__Exercise directions__. Print the records below exactly as they appear. Omit all pictures.

__Task inputs__.
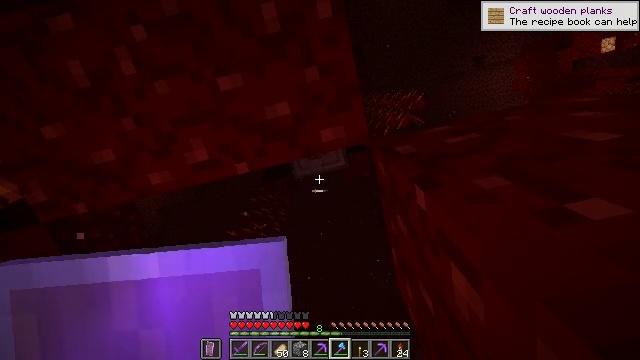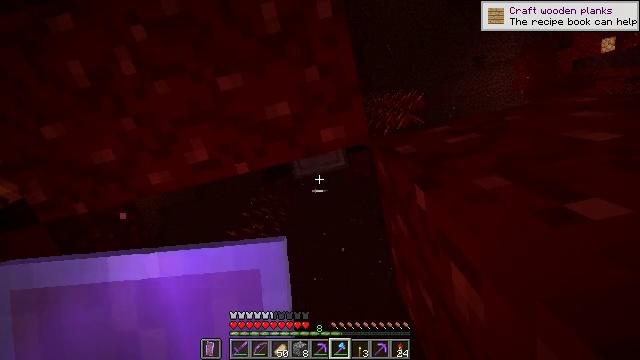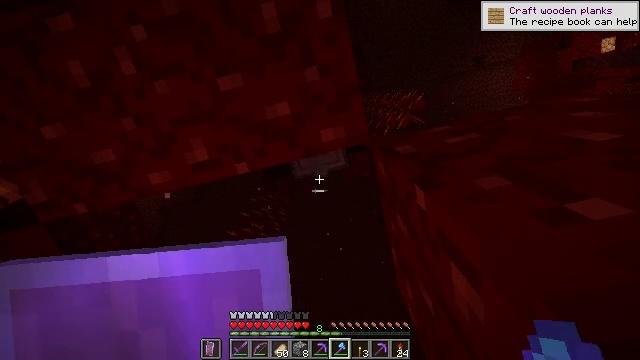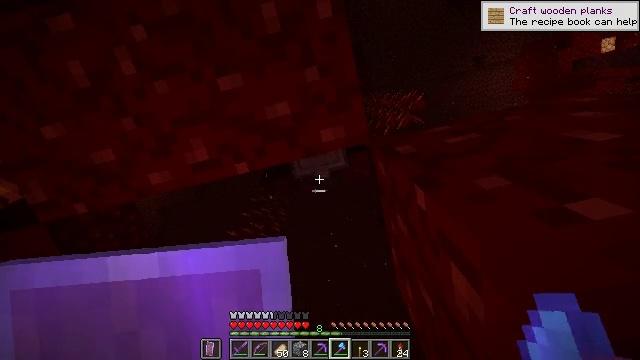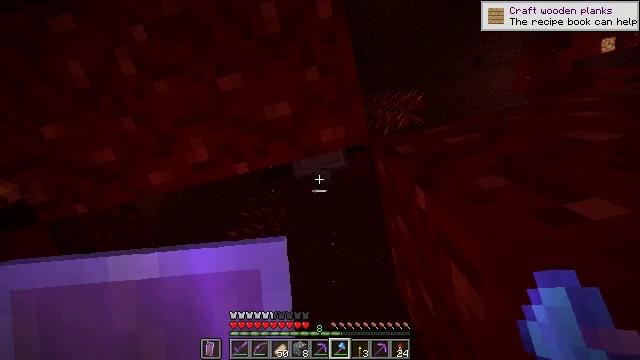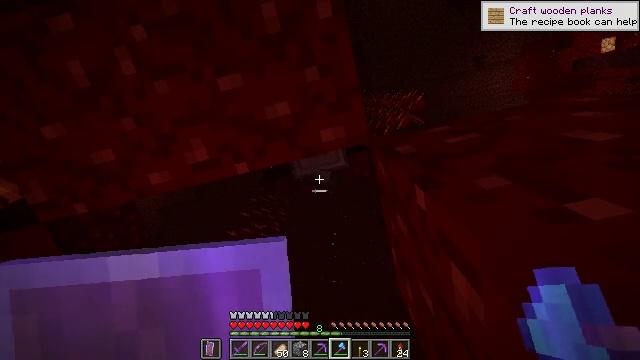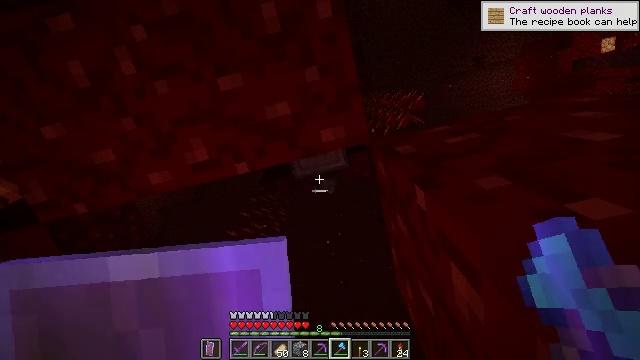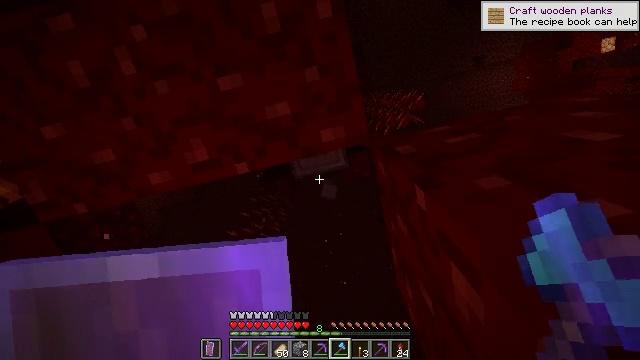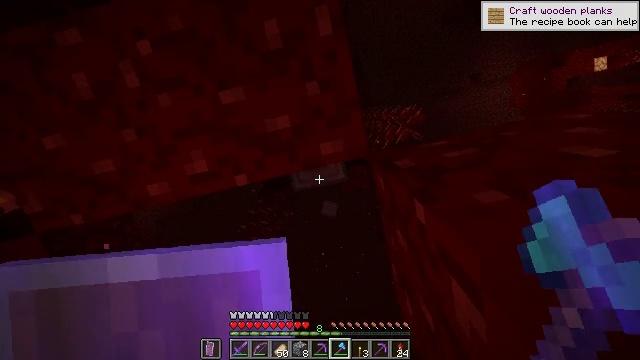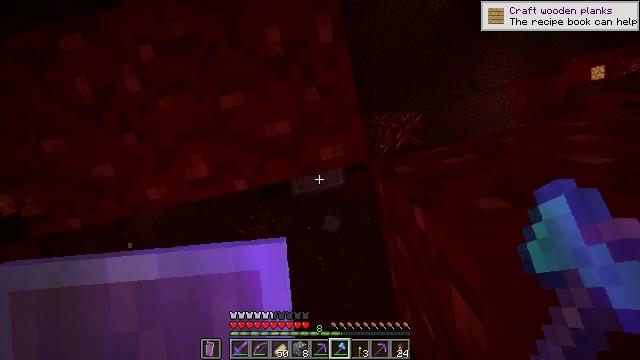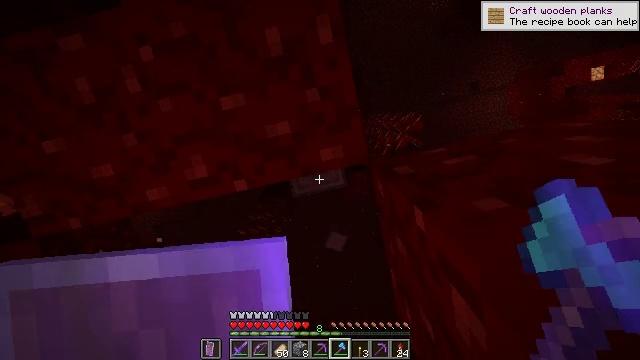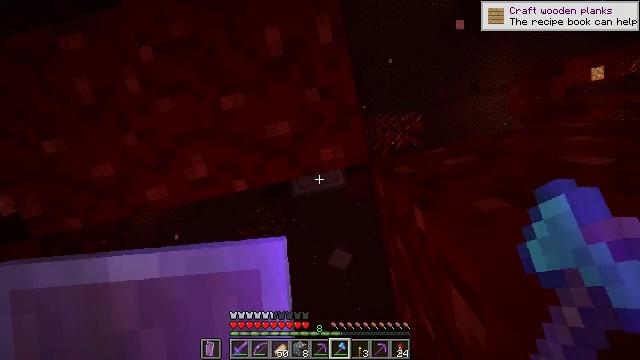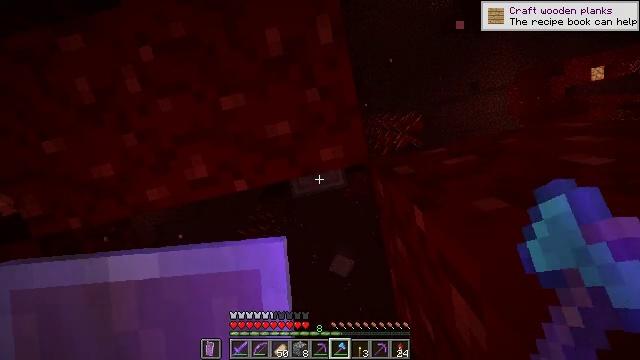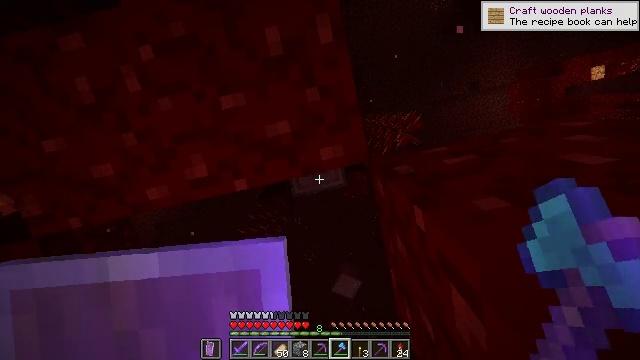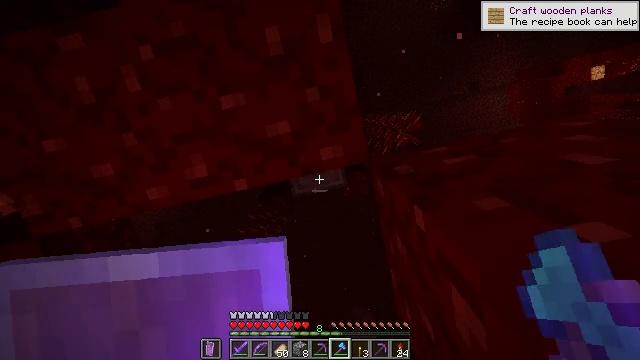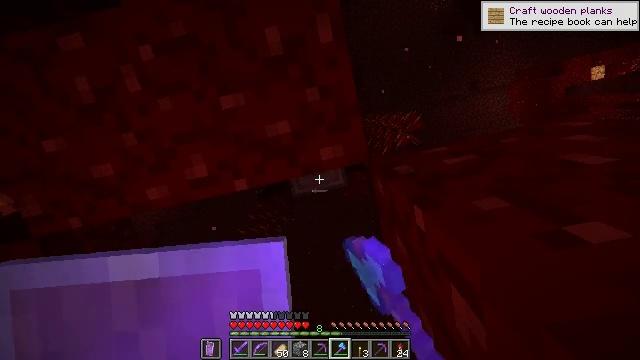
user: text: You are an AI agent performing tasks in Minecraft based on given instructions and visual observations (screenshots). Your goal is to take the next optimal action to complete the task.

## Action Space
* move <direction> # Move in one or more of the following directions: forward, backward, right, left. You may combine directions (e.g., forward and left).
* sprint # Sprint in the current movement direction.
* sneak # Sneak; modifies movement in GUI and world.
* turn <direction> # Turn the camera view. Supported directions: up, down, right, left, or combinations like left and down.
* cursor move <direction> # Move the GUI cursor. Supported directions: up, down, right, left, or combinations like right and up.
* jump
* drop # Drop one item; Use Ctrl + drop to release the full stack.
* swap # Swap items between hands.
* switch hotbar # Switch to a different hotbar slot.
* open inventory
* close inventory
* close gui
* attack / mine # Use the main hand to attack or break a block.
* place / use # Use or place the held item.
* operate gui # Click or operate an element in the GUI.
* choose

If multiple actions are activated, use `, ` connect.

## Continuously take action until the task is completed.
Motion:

__Answer to the problem__.
user: text: You are an AI agent performing tasks in Minecraft based on given instructions and visual observations (screenshots). Your goal is to take the next optimal action to complete the task.

## Action Space
* move <direction> # Move in one or more of the following directions: forward, backward, right, left. You may combine directions (e.g., forward and left).
* sprint # Sprint in the current movement direction.
* sneak # Sneak; modifies movement in GUI and world.
* turn <direction> # Turn the camera view. Supported directions: up, down, right, left, or combinations like left and down.
* cursor move <direction> # Move the GUI cursor. Supported directions: up, down, right, left, or combinations like right and up.
* jump
* drop # Drop one item; Use Ctrl + drop to release the full stack.
* swap # Swap items between hands.
* switch hotbar # Switch to a different hotbar slot.
* open inventory
* close inventory
* close gui
* attack / mine # Use the main hand to attack or break a block.
* place / use # Use or place the held item.
* operate gui # Click or operate an element in the GUI.
* choose

If multiple actions are activated, use `, ` connect.

## Continuously take action until the task is completed.
Motion:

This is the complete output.